With M.v+row-major (or v.M+col-major), you get to have your cake and eat it too in this regard. It also happens to have the storage layout that C programmers would expect. And GL ES kills all of the builtin “build matrix” GL functions so every GL->GL ES port needs to go over all code that handles matrices anyway.

The programmable pipeline of D3D8+ (and D3D10+ in general) sidesteps this issue completely by not having any preference one way or the other, and no API functions that directly take matrices. The D3DX matrix functions and some of the samples still assume “D3D classic” v.M+row-major, but neither are part of the actual D3D API.

setting the notational issue aside, I do want to react to “GL ES has picked M.v+col-major”. GL ES 2.0 has picked col-major. You picked M.v (in your shader code!).
That was my point. If you do v.M, and compute M accordingly, you get back your 4×3 savings (that I did mention as “dot4 matrix multiplies”. I did get the point about the saving. I’ve coded it in the past).

But yeah, if you want to write M.v, and still keep the 4×3 saving, GLES 2.0 did not get the right default. Then again, the other default would kill the m[2] performance (unless you start modifying the glsl es spec as well, so that m[2] is not the 3rd column as it is right now). That’s a nasty can of worms too.

4. Does the row -vs column issue make any difference for 4×4 by 4×4 matrix multiplies? Most pre SSE4.1 (dpps) examples I’ve seen seem to assume column major format and perform 4 matrix x vector (each a 4x mul-add) multiplies.

Would this change if all your matrices where row major?

• Matrix multiplication C=A*B of A=(a_ij), B=(b_ij), C=(c_ij) is

```  c_ij = sum_k a_ik * b_kj
```

If you store in column-major, you want to factor this as

```  c_Xj = sum_k a_Xk * b_kj
```

where c_X0, c_X1 etc. are the column vectors of C – i.e. the columns of C are computed as linear combinations of the columns of a, weighted by the elements of b. If you store in row-major, you instead prefer

```  c_iX = sum_k a_ik * b_kX
```

which computes the rows of C as linear combinations of the rows of B, weighted by the elements of a. Either way works fine, has the exact same operation count, and doesn’t require any dot-product instructions. Does that answer your question?

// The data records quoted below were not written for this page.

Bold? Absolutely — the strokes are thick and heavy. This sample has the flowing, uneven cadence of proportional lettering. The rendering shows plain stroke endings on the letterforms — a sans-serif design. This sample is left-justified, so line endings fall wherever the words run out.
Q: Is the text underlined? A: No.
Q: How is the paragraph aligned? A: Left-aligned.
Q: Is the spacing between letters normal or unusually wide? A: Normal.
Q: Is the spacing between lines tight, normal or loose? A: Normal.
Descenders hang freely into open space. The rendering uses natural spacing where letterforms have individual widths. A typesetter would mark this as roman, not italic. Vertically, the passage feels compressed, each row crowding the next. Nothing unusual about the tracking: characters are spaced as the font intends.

• I get it – so the same “multiply-add” sequence works if A,B are column major or row major Mat4 inputs – with the output C being in the same “format”. This is because we’re either processing rows or columns with the same SIMD goodness….

• Not quite the same – the roles of A and B are reversed between the two methods – but yeah.

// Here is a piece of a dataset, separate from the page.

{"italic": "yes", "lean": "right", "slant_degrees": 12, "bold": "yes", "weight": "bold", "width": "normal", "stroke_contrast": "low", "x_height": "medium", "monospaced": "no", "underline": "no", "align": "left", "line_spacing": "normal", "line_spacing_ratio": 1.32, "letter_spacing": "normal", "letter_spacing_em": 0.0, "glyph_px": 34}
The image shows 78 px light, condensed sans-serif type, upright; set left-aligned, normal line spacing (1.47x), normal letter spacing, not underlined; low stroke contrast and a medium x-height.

• Oh sure – we’d post-multiply were we’d pre-multiply and vice-versa. Now all we need is a the proper fmadd in AVX 2: http://en.wikipedia.org/wiki/FMA_instruction_set

Thanks!

Dot product for 4×4 matrix-vector mul is slower on simd architecture.

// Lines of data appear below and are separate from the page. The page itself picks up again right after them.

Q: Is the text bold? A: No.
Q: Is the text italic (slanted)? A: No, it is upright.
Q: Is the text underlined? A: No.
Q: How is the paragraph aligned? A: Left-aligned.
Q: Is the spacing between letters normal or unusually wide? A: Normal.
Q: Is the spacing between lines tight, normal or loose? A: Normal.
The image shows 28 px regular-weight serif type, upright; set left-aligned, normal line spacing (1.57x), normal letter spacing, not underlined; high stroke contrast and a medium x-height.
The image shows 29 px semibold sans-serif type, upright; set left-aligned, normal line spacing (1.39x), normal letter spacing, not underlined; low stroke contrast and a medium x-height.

Amd radeon cards have simd units

Also introduces consistency between your vector object data store and matrix.

That’s just one reason.

• Feel free to look at the publically documented shader ISAs for AMD GCN or the older TeraScale (VLIW4/5) architectures, or at disassembled shader binary code. :)

GCN instructions are “scalar” (but across 64 vertices, fragments, …) so it’s all multiply-adds no matter what and the only thing that changes between the two layouts is the addresses the vaues get loaded from. TeraScale has X/Y/Z/W (X/Y/Z/W/T for VLIW5) *pipes* with various banking restrictions on register file and constant buffer access, but each of the 4 (5) pipes gets a separate instruction each cycle (although some of them internally forward between the pipes, including the dot product instructions that exist in that architecture). Either way, both MUL/MAD style matrix*vector multiplies and dot product-style variants have the exact same throughput on TeraScale.